What you return must be exactly the lines running from the one with "longitude: 26.9548" to the end of the data below, inclusive, and nothing more.

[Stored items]

┄┄┄┄┄┄┄┄┄┄┄┄┄┄┄┄┄┄┄┄

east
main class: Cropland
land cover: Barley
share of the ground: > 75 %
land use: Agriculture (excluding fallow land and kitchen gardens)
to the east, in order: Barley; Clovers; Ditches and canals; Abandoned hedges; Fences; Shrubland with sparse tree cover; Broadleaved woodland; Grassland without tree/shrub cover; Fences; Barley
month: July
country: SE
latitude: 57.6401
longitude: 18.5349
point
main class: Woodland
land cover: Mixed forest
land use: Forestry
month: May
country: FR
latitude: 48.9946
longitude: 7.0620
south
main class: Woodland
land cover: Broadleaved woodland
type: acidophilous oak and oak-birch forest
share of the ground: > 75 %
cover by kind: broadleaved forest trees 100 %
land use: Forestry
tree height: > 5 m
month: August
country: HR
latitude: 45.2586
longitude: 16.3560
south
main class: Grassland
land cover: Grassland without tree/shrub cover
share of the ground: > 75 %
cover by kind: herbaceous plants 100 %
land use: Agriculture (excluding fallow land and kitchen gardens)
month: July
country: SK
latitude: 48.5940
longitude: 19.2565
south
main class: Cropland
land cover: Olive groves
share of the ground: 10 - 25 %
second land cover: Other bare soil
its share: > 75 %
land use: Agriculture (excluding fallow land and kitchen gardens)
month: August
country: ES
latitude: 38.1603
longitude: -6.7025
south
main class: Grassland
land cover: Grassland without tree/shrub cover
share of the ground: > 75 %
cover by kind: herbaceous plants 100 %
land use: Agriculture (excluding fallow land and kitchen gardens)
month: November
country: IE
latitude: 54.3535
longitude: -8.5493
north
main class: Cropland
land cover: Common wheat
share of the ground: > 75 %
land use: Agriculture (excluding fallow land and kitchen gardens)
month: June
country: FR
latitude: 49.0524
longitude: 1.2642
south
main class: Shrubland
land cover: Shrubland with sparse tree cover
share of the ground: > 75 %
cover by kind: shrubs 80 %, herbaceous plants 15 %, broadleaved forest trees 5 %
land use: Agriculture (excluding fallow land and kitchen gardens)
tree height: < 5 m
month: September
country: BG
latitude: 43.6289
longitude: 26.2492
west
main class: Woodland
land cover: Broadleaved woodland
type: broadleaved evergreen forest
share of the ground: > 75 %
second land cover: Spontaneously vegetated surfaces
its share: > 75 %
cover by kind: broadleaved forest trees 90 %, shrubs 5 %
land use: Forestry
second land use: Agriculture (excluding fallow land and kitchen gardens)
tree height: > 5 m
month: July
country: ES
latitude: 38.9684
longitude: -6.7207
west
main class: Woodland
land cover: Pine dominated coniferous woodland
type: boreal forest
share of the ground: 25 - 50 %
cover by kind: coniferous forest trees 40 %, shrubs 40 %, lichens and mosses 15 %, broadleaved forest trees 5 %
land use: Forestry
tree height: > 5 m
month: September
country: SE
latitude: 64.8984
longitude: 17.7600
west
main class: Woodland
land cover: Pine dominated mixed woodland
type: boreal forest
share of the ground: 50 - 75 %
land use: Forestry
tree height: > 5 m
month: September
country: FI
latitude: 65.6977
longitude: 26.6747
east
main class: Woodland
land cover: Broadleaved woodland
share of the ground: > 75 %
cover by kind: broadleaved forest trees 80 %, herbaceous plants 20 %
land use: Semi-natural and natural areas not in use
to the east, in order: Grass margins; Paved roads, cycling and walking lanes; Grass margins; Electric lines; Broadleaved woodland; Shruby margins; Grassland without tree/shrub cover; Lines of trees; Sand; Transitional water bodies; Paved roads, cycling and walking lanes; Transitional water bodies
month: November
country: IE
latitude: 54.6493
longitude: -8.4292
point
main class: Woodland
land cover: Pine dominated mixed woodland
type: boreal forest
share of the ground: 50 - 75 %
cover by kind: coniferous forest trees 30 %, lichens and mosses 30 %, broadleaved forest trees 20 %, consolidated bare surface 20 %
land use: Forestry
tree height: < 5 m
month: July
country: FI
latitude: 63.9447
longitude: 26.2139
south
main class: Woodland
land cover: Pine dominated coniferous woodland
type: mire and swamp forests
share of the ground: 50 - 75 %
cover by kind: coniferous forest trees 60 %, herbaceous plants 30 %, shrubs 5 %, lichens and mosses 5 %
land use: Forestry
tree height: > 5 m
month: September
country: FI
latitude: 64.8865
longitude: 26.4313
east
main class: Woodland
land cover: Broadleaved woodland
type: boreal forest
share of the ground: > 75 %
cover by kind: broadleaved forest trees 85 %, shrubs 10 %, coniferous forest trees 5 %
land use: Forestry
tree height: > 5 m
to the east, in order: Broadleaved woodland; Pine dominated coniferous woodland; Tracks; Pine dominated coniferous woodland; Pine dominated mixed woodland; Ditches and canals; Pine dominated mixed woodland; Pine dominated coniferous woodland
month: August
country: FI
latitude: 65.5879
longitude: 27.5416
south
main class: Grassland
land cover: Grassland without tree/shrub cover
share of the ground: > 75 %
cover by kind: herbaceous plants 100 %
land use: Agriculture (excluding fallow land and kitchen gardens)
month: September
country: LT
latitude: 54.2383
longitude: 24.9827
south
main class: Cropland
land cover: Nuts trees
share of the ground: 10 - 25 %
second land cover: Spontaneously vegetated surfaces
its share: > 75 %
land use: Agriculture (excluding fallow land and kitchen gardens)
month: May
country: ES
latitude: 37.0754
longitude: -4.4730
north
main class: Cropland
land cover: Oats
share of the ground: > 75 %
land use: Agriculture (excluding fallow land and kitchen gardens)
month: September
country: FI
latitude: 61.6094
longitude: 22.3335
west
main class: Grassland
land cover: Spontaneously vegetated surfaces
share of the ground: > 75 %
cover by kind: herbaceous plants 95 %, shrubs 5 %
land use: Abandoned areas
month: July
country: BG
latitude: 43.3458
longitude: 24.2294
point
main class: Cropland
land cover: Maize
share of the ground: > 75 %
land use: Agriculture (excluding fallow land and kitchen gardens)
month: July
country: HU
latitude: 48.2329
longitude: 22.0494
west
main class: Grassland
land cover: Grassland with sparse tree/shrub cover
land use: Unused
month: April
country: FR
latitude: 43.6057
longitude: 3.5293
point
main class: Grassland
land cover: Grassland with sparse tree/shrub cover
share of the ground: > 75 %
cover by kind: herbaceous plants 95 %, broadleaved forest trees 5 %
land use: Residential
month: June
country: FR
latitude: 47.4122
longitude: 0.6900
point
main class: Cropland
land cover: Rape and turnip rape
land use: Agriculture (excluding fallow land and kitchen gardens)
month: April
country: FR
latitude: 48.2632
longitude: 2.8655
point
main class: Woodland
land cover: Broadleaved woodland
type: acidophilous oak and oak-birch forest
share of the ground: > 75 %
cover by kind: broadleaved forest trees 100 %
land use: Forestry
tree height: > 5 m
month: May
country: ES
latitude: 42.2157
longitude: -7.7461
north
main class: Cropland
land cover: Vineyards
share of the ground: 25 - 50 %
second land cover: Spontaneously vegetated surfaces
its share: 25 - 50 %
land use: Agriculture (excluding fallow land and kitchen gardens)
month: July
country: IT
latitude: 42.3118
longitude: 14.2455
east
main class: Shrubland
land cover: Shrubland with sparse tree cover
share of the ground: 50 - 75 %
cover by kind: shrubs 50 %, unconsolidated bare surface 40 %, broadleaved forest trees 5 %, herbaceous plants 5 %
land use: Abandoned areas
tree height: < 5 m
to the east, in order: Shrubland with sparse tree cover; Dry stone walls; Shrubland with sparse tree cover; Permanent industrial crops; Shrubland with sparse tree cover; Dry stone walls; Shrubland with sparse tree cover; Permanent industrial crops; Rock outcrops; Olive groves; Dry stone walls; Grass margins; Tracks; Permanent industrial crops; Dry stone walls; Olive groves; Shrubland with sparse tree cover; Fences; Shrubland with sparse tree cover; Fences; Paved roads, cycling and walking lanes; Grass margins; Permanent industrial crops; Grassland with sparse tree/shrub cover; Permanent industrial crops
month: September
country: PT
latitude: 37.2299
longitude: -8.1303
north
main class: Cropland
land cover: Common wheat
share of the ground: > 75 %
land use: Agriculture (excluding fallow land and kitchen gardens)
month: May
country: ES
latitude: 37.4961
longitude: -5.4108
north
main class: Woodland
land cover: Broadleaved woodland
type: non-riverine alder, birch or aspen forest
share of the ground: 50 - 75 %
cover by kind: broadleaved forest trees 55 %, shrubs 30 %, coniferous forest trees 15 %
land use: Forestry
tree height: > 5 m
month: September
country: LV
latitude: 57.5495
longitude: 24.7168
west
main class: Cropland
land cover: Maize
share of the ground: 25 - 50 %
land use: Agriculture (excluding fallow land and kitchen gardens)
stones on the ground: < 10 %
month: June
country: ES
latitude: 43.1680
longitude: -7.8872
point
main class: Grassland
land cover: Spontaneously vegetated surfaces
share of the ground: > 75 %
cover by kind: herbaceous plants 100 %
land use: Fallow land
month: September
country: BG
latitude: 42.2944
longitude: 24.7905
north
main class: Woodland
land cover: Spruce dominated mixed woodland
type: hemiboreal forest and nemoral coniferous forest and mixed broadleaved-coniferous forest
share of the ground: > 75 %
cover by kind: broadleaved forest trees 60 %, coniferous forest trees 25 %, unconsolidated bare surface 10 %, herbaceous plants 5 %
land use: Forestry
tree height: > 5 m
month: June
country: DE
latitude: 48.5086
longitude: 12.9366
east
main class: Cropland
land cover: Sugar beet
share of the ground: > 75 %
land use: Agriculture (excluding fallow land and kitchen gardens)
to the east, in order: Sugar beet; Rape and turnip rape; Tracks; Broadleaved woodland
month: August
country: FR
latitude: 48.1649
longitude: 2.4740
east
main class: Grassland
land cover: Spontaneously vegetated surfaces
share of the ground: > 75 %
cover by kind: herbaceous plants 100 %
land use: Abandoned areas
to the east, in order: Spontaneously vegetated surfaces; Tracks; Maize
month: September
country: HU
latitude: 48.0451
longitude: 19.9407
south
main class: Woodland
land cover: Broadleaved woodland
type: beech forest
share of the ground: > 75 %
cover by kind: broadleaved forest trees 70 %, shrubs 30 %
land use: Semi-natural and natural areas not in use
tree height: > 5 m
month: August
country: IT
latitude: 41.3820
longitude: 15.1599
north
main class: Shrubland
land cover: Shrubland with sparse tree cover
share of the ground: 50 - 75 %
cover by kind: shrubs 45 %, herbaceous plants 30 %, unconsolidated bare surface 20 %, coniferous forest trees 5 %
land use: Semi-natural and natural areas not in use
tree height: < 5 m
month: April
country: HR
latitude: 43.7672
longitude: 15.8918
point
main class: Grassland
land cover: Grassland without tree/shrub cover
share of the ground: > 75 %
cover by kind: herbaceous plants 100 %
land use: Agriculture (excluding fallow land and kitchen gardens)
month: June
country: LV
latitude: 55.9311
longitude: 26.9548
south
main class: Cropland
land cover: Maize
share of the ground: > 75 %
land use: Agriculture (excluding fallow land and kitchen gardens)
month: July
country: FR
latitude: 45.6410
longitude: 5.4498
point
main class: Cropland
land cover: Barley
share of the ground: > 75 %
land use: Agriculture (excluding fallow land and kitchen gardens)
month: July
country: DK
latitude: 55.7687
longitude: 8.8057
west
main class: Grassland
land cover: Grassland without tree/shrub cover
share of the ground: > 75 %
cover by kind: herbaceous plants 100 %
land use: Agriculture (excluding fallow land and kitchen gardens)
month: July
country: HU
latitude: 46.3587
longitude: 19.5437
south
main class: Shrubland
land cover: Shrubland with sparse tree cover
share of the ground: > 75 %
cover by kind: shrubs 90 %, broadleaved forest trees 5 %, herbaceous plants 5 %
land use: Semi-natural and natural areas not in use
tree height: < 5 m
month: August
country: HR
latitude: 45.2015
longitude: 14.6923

┄┄┄┄┄┄┄┄┄┄┄┄┄┄┄┄┄┄┄┄

* **Solution for this exercise**
longitude: 26.9548
south
main class: Cropland
land cover: Maize
share of the ground: > 75 %
land use: Agriculture (excluding fallow land and kitchen gardens)
month: July
country: FR
latitude: 45.6410
longitude: 5.4498
point
main class: Cropland
land cover: Barley
share of the ground: > 75 %
land use: Agriculture (excluding fallow land and kitchen gardens)
month: July
country: DK
latitude: 55.7687
longitude: 8.8057
west
main class: Grassland
land cover: Grassland without tree/shrub cover
share of the ground: > 75 %
cover by kind: herbaceous plants 100 %
land use: Agriculture (excluding fallow land and kitchen gardens)
month: July
country: HU
latitude: 46.3587
longitude: 19.5437
south
main class: Shrubland
land cover: Shrubland with sparse tree cover
share of the ground: > 75 %
cover by kind: shrubs 90 %, broadleaved forest trees 5 %, herbaceous plants 5 %
land use: Semi-natural and natural areas not in use
tree height: < 5 m
month: August
country: HR
latitude: 45.2015
longitude: 14.6923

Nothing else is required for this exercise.